Hi ! This is my first real post...

At the moment my measurement hardware is:

- mic preamp: rane ms1s
- mic: ECM8000
- soundcard: a cheap USB soundcard with 4 RCA
- loudspeaker: tannoy precision 8 passive (I love these one!)

I'm planning to buy an earthwork M23 with calibration data. Do you think is it worth it ? (don't know if it's the good expression in english...onder

Do you think the sound card is ok for that ? (in close loop the response is quite flat...)


Thanks !


----------



## PepAX7 (Mar 11, 2008)

Hey Atomik,

Earthworks makes some great microphones. They are somewhat rugged and are very affordable as reference mics go. I see them being used by many professionals for analyzing rooms.

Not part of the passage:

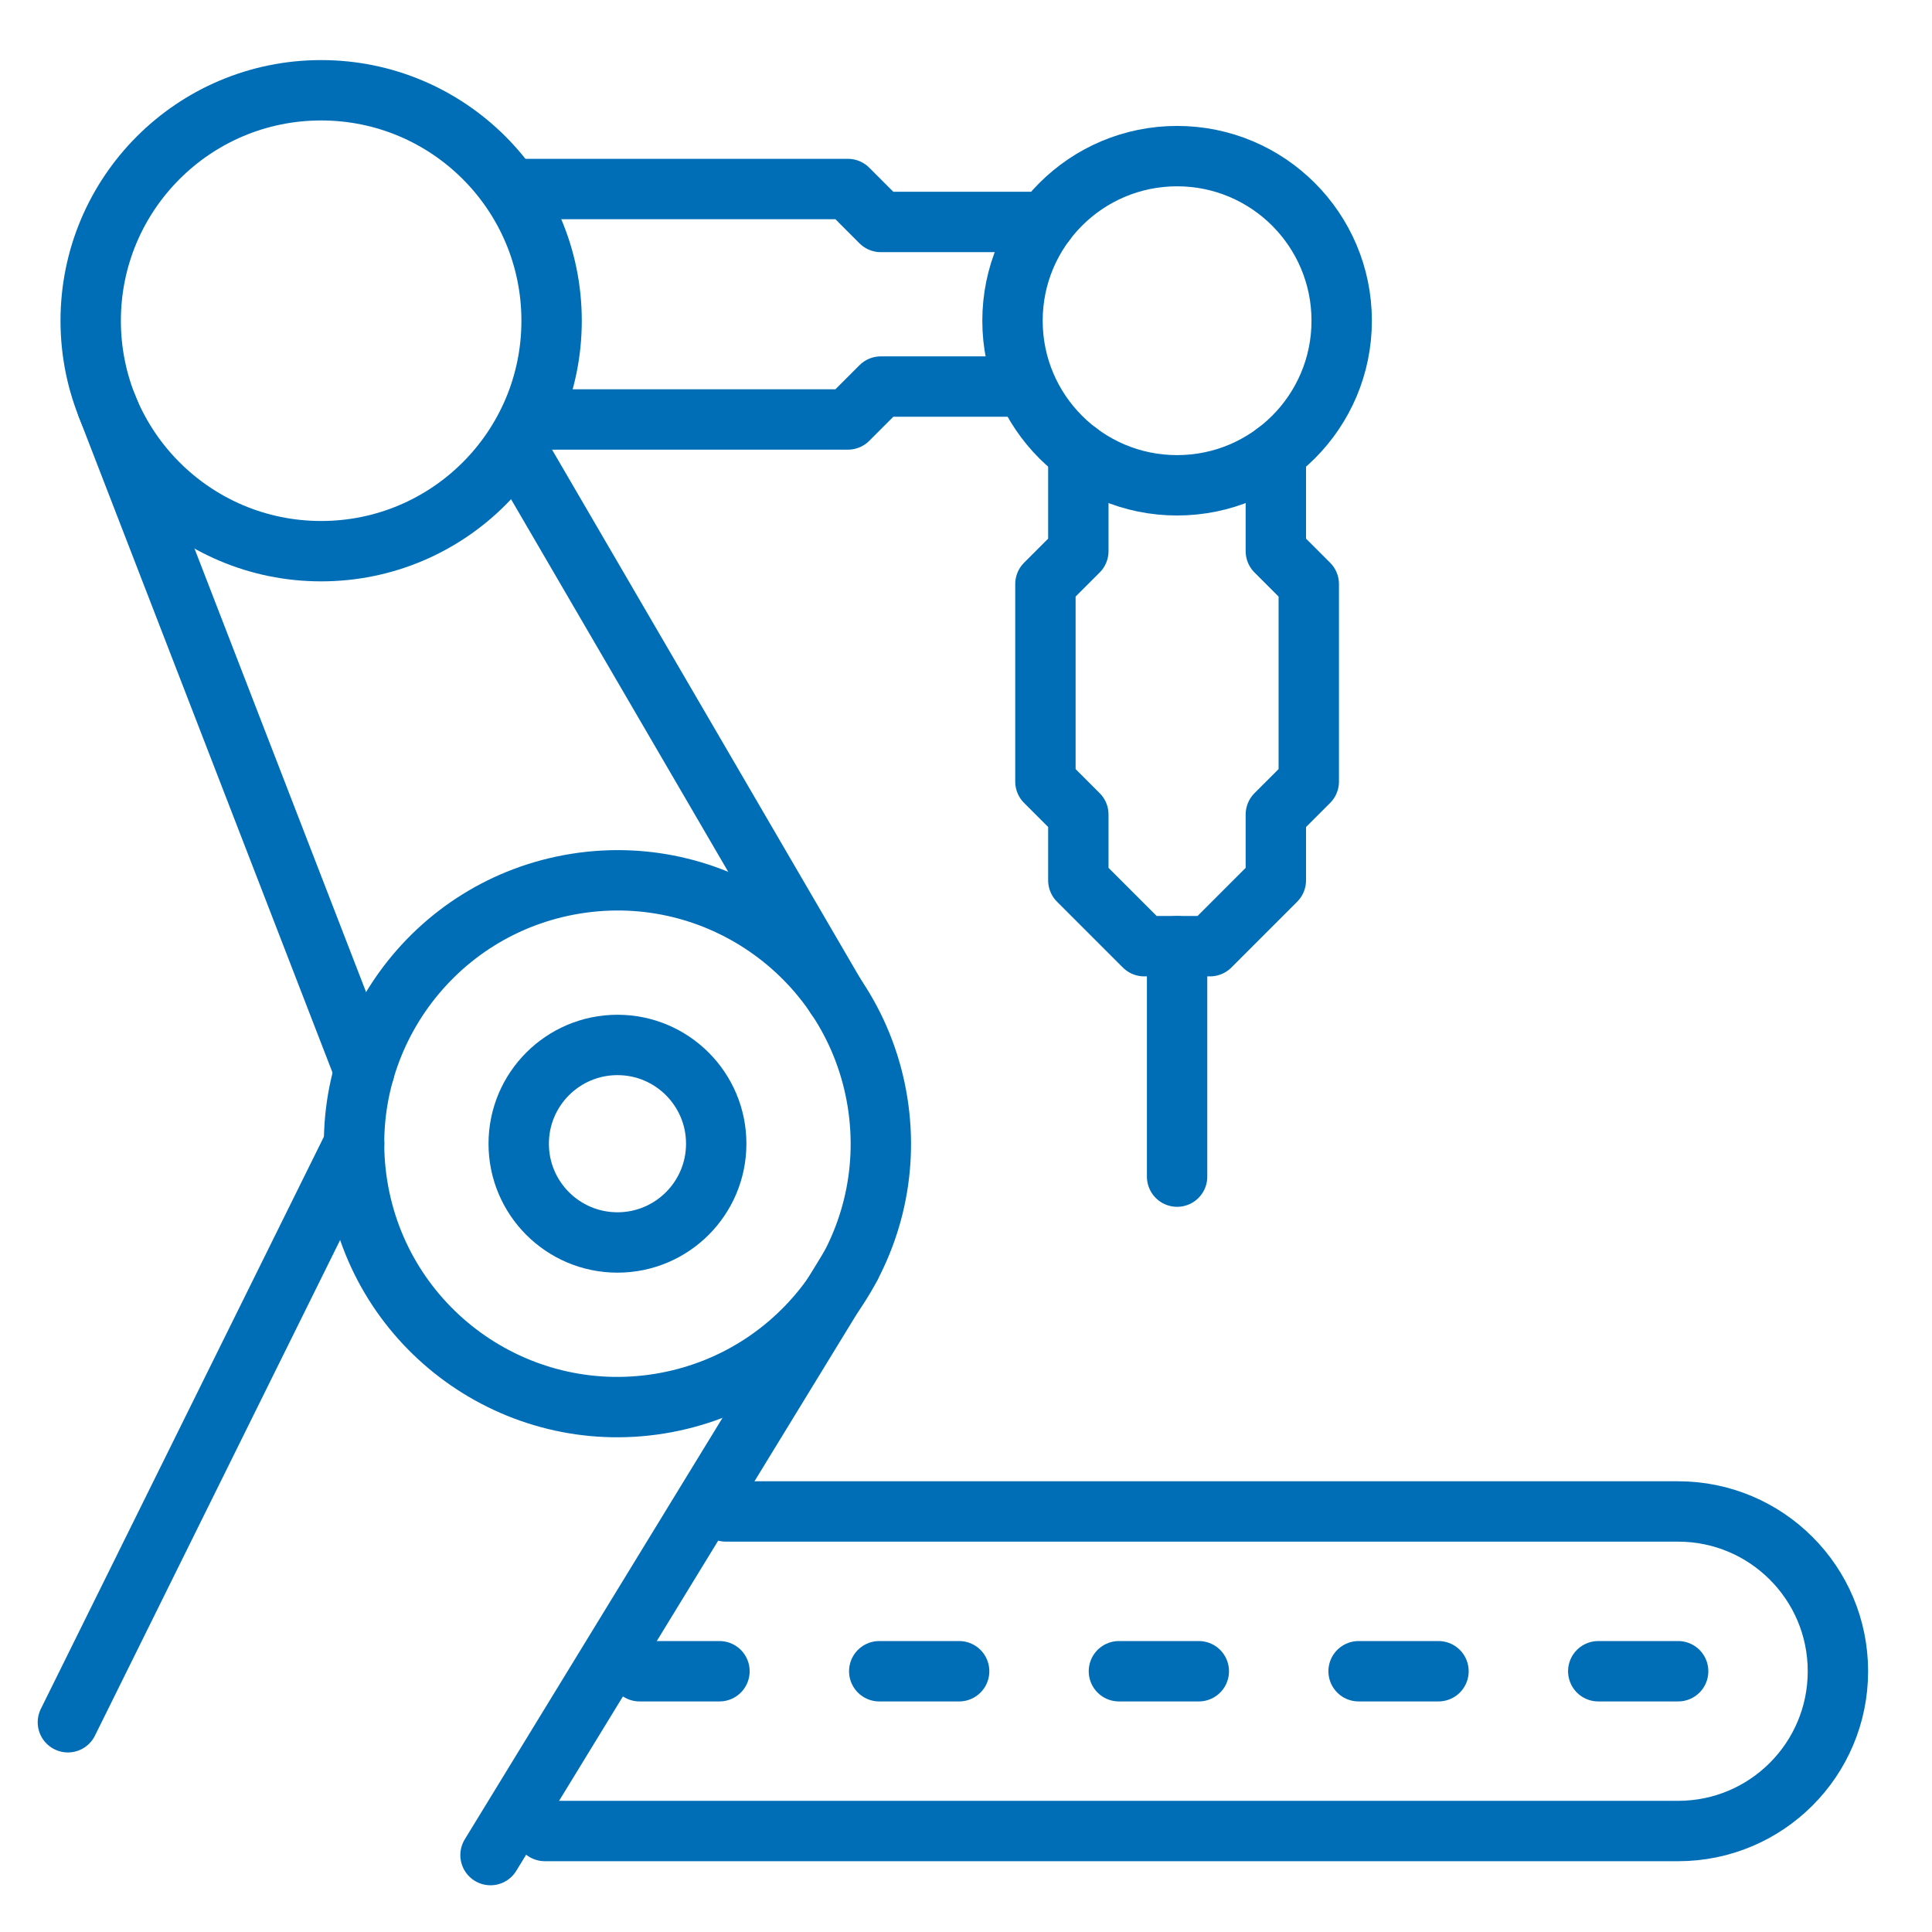 <?xml version="1.0" encoding="UTF-8"?><svg id="Ebene_1" xmlns="http://www.w3.org/2000/svg" viewBox="0 0 160 160"><g><line x1="29.326" y1="94.716" x2="5.623" y2="142.63" style="fill:none; stroke:#006eb7; stroke-linecap:round; stroke-linejoin:round; stroke-width:5px;"/><line x1="70.437" y1="104.874" x2="40.623" y2="153.63" style="fill:none; stroke:#006eb7; stroke-linecap:round; stroke-linejoin:round; stroke-width:5px;"/><circle cx="51.136" cy="94.717" r="21.81" transform="translate(-14.342 9.283) rotate(-9.103)" style="fill:none; stroke:#006eb7; stroke-linecap:round; stroke-linejoin:round; stroke-width:5px;"/><path d="m42.957,94.717c0,4.517,3.662,8.178,8.179,8.179,4.517,0,8.178-3.662,8.178-8.179s-3.662-8.179-8.178-8.179-8.179,3.662-8.179,8.179Z" style="fill:none; stroke:#006eb7; stroke-linecap:round; stroke-linejoin:round; stroke-width:5px;"/><circle cx="97.482" cy="26.56" r="13.631" style="fill:none; stroke:#006eb7; stroke-linecap:round; stroke-linejoin:round; stroke-width:5px;"/><path d="m7.511,26.561c0,10.54,8.545,19.085,19.085,19.085s19.085-8.545,19.085-19.085c0-10.541-8.545-19.085-19.085-19.085S7.511,16.02,7.511,26.561Z" style="fill:none; stroke:#006eb7; stroke-linecap:round; stroke-linejoin:round; stroke-width:5px;"/><polyline points="86.577 18.382 72.945 18.382 70.221 15.655 42.957 15.655" style="fill:none; stroke:#006eb7; stroke-linecap:round; stroke-linejoin:round; stroke-width:5px;"/><polyline points="84.854 32.013 72.946 32.013 70.22 34.739 45.683 34.739" style="fill:none; stroke:#006eb7; stroke-linecap:round; stroke-linejoin:round; stroke-width:5px;"/><line x1="8.846" y1="33.587" x2="30.168" y2="88.703" style="fill:none; stroke:#006eb7; stroke-linecap:round; stroke-linejoin:round; stroke-width:5px;"/><line x1="42.957" y1="37.465" x2="69.245" y2="82.568" style="fill:none; stroke:#006eb7; stroke-linecap:round; stroke-linejoin:round; stroke-width:5px;"/><polyline points="89.303 37.465 89.303 45.644 86.577 48.37 86.577 64.728 89.303 67.454 89.303 72.907 94.757 78.359 100.209 78.359 105.66 72.907 105.66 67.454 108.387 64.728 108.387 48.37 105.66 45.644 105.66 37.465" style="fill:none; stroke:#006eb7; stroke-linecap:round; stroke-linejoin:round; stroke-width:5px;"/><line x1="97.482" y1="78.359" x2="97.482" y2="97.443" style="fill:none; stroke:#006eb7; stroke-linecap:round; stroke-linejoin:round; stroke-width:5px;"/></g><g><line x1="138.977" y1="138.405" x2="132.361" y2="138.405" style="fill:none; stroke:#006eb7; stroke-linecap:round; stroke-linejoin:round; stroke-width:5px;"/><line x1="59.583" y1="138.405" x2="52.967" y2="138.405" style="fill:none; stroke:#006eb7; stroke-linecap:round; stroke-linejoin:round; stroke-width:5px;"/><line x1="79.432" y1="138.405" x2="72.815" y2="138.405" style="fill:none; stroke:#006eb7; stroke-linecap:round; stroke-linejoin:round; stroke-width:5px;"/><line x1="99.28" y1="138.405" x2="92.664" y2="138.405" style="fill:none; stroke:#006eb7; stroke-linecap:round; stroke-linejoin:round; stroke-width:5px;"/><line x1="119.129" y1="138.405" x2="112.513" y2="138.405" style="fill:none; stroke:#006eb7; stroke-linecap:round; stroke-linejoin:round; stroke-width:5px;"/><path d="m45.123,151.637h93.854c7.308,0,13.232-5.924,13.232-13.232h0c0-7.308-5.924-13.232-13.232-13.232H60.123" style="fill:none; stroke:#006eb7; stroke-linecap:round; stroke-linejoin:round; stroke-width:5px;"/></g></svg>

They are extremely flat.

They say they are an excellent acoustic piano microphone, too.

I don't think you'll find a better mic for the price.

Pep


----------



## chonc (Jun 9, 2009)

I agree with Pep, earthworks are great microphones that you can use as reference and as instrument mic also. If you can afford a pair of TC30K they are great flat mics that you can use as reference (they are flat up to 30kHz) and they sound great as drum OH's!
You can try the M-audio sound cards with mic pre... I hear they are pretty flat for making measurements.


----------



## Equilibrium8 (Sep 11, 2008)

You asked about the soundcard, but you didn't mention the exact make and model. Could you give some details on that? 

The Earthworks would be great, but there are many mics which would be an upgrade on the ECM8000.


----------



## bpape (Sep 14, 2006)

I would agree with the M-Audio. Very nice cards for the money without getting silly expensive.

Bryan


----------



## atomik (Apr 8, 2009)

Thanks for your responses.

At the moment a simple jbsystem usb card

It's very cheap I know...but it works. 

I see the M-AUDIO FAST TRACK PRO. It simplify my cables because I don't need sound card + preamp.

Another simple question: Is REW accurate ? (like other acoustic programs..ETF for example)


----------